[Start of Attachment]
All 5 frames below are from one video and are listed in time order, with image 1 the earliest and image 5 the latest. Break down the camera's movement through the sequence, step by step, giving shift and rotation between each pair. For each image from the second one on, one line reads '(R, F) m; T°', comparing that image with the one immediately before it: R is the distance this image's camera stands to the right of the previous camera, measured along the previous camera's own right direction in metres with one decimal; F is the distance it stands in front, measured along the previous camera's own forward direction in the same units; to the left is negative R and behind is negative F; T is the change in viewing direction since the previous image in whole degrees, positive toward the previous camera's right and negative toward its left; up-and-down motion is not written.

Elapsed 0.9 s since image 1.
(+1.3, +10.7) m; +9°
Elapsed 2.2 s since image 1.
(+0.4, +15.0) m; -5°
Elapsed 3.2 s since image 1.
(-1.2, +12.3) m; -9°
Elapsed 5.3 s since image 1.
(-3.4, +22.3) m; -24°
[End of Attachment]
[Start of Attachment]
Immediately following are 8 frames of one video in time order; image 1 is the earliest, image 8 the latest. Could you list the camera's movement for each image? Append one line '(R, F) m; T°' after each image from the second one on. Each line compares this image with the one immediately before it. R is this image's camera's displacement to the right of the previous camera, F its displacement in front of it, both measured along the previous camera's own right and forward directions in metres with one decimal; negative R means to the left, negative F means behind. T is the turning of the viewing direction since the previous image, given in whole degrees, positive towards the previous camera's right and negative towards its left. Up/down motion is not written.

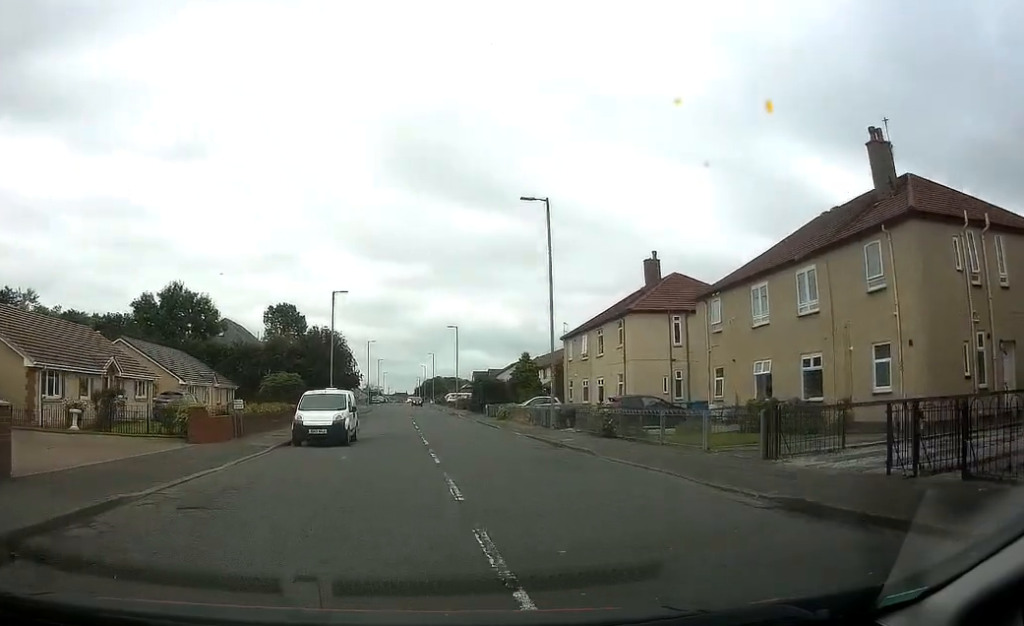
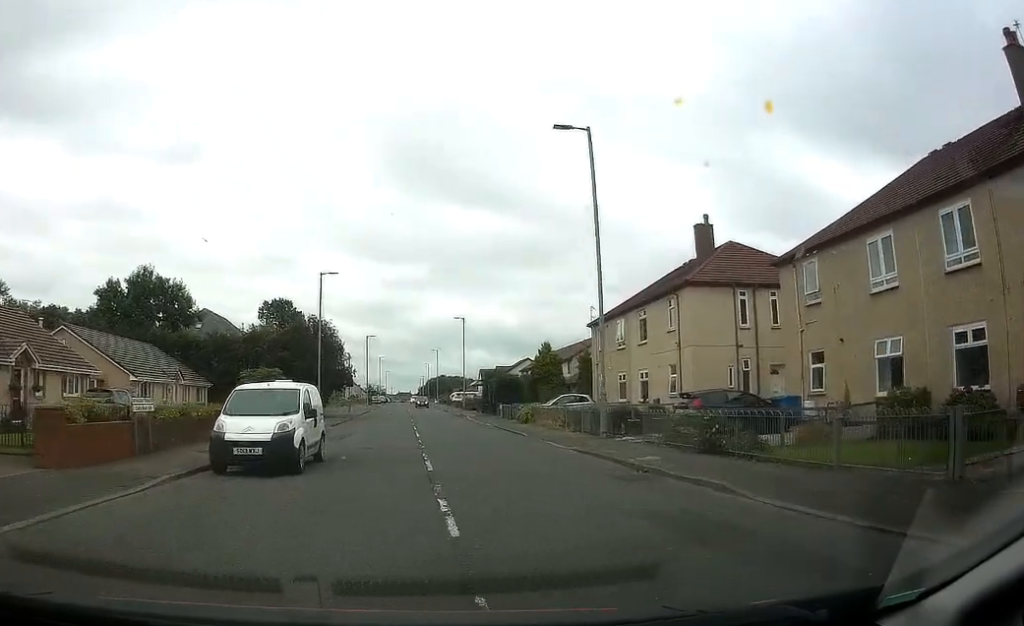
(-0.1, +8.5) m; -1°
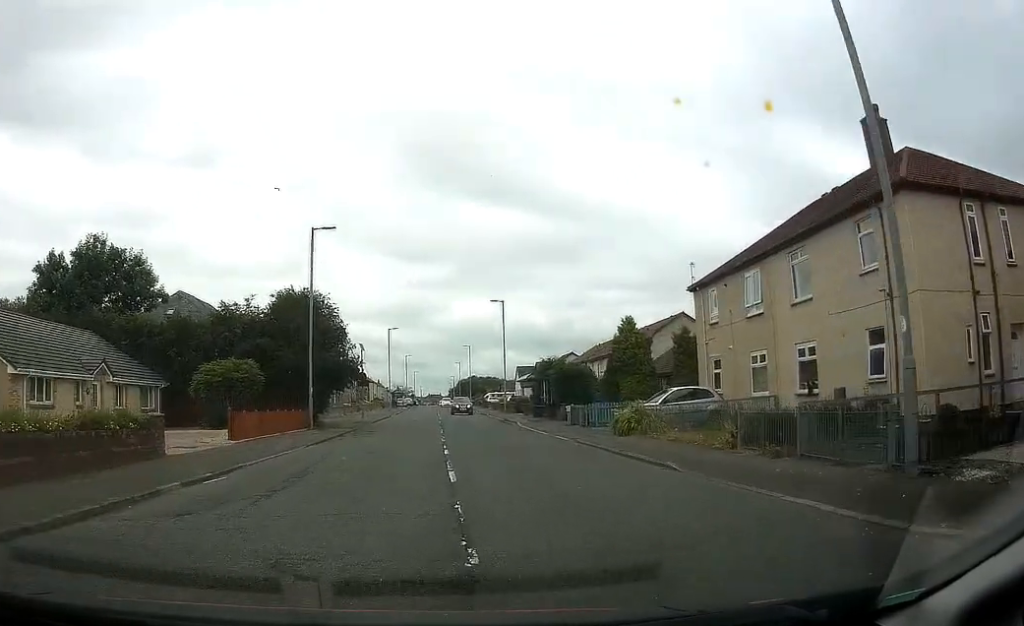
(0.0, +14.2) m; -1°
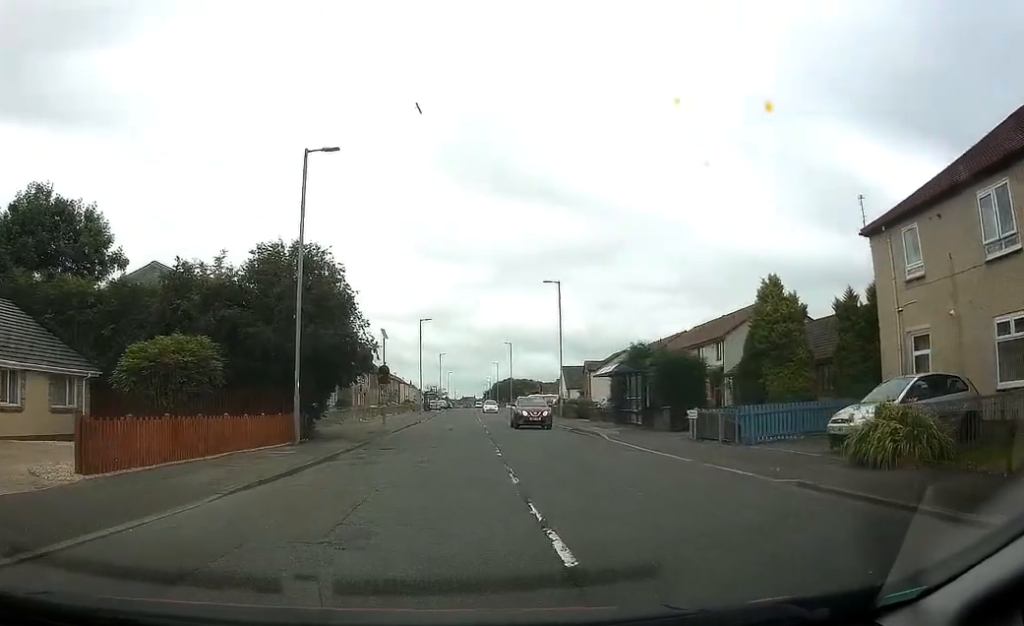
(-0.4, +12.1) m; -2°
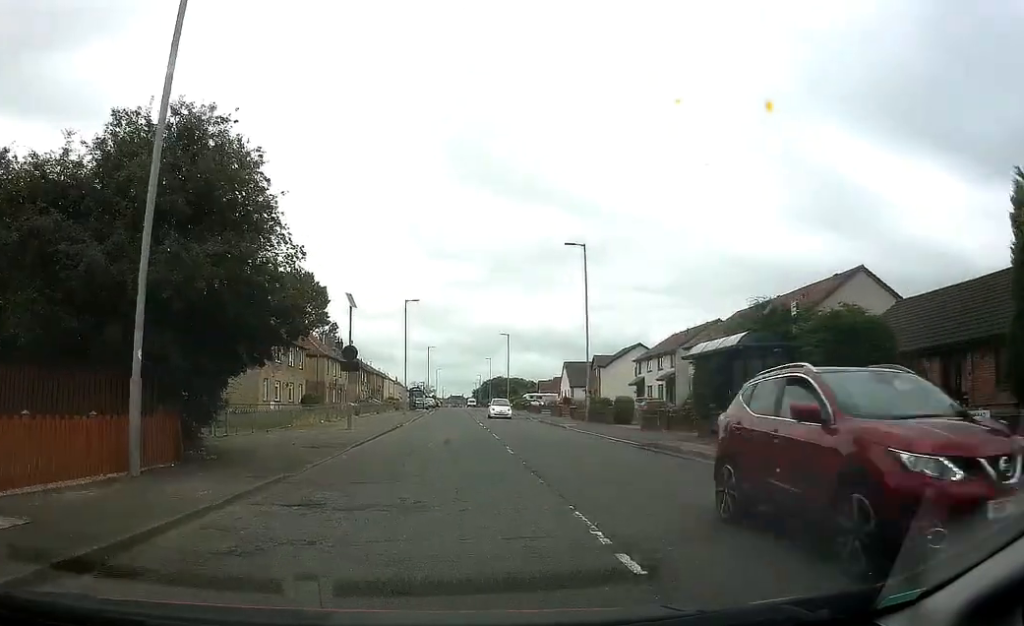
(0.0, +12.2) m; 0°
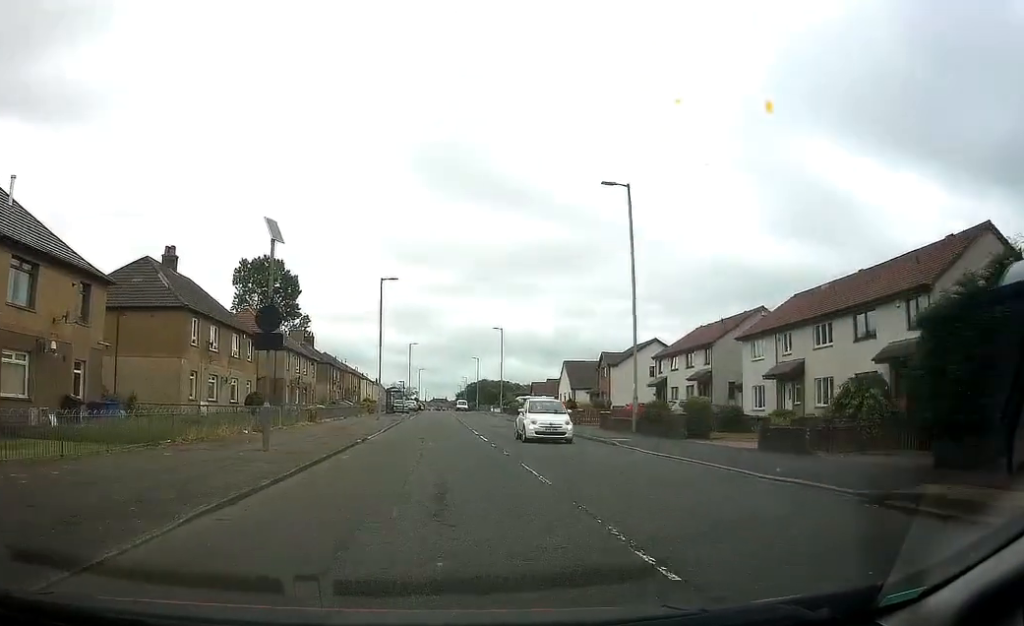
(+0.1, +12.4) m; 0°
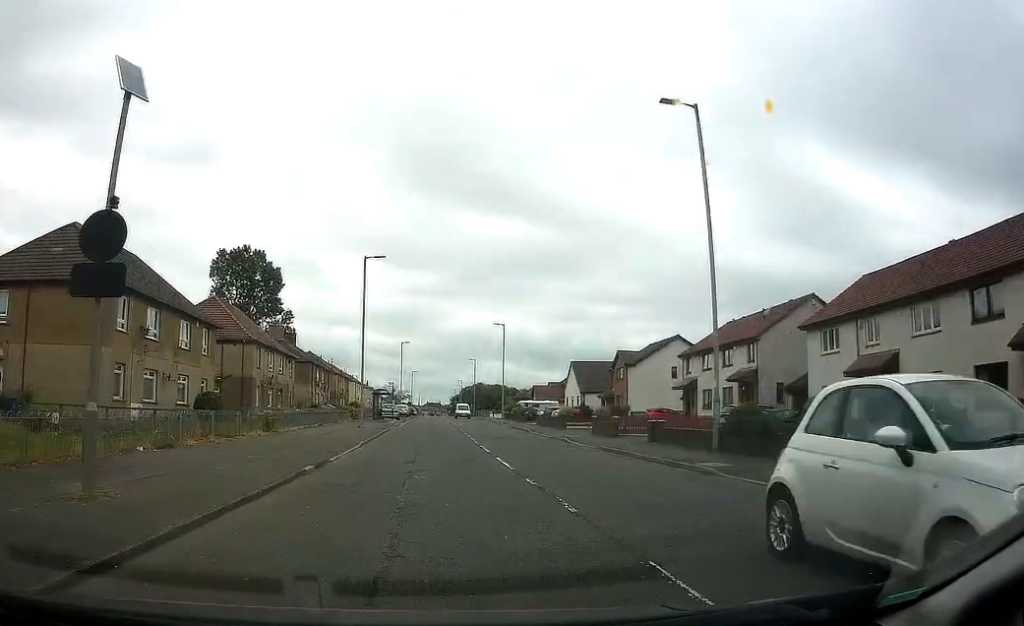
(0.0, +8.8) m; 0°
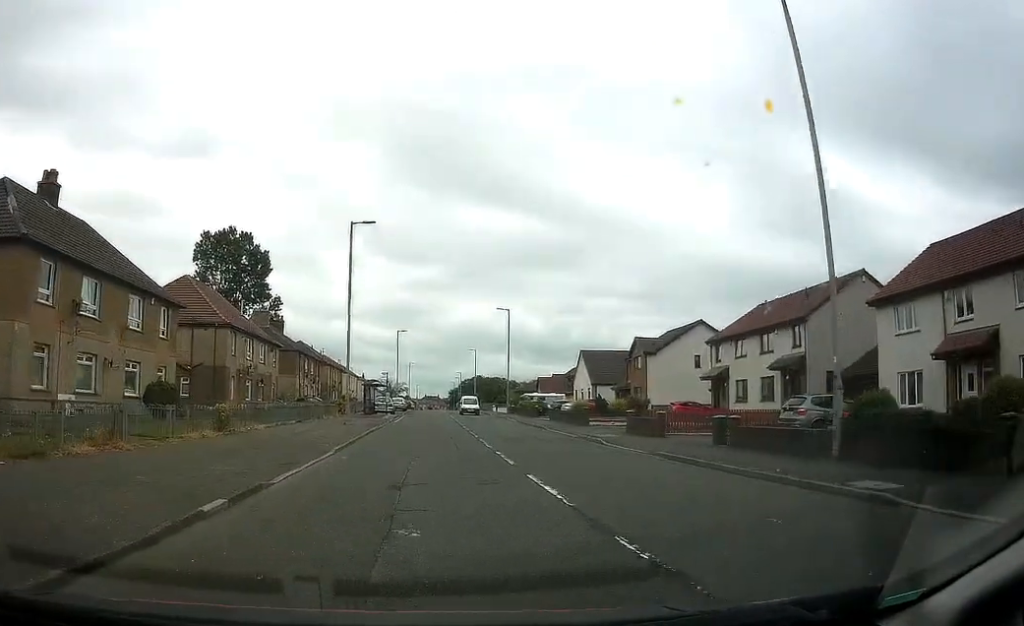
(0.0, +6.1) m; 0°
[End of Attachment]
[Start of Attachment]
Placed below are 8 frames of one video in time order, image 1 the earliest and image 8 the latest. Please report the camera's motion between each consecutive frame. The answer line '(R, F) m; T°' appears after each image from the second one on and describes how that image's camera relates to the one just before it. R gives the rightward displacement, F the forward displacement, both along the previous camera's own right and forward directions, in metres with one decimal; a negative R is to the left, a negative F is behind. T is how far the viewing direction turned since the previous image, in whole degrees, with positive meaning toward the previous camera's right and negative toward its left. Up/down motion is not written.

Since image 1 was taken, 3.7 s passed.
[End of Attachment]
**EXERCISE OBJECTIVE**
Each line that mentions the string "between" must be copied from the listing.

**YOUR RESPONSE**
All 5 frames below are from one video and are listed in time order, with image 1 the earliest and image 5 the latest. Break down the camera's movement through the sequence, step by step, giving shift and rotation between each pair. For each image from the second one on, one line reads '(R, F) m; T°', comparing that image with the one immediately before it: R is the distance this image's camera stands to the right of the previous camera, measured along the previous camera's own right direction in metres with one decimal; F is the distance it stands in front, measured along the previous camera's own forward direction in the same units; to the left is negative R and behind is negative F; T is the change in viewing direction since the previous image in whole degrees, positive toward the previous camera's right and negative toward its left; up-and-down motion is not written.
Placed below are 8 frames of one video in time order, image 1 the earliest and image 8 the latest. Please report the camera's motion between each consecutive frame. The answer line '(R, F) m; T°' appears after each image from the second one on and describes how that image's camera relates to the one just before it. R gives the rightward displacement, F the forward displacement, both along the previous camera's own right and forward directions, in metres with one decimal; a negative R is to the left, a negative F is behind. T is how far the viewing direction turned since the previous image, in whole degrees, with positive meaning toward the previous camera's right and negative toward its left. Up/down motion is not written.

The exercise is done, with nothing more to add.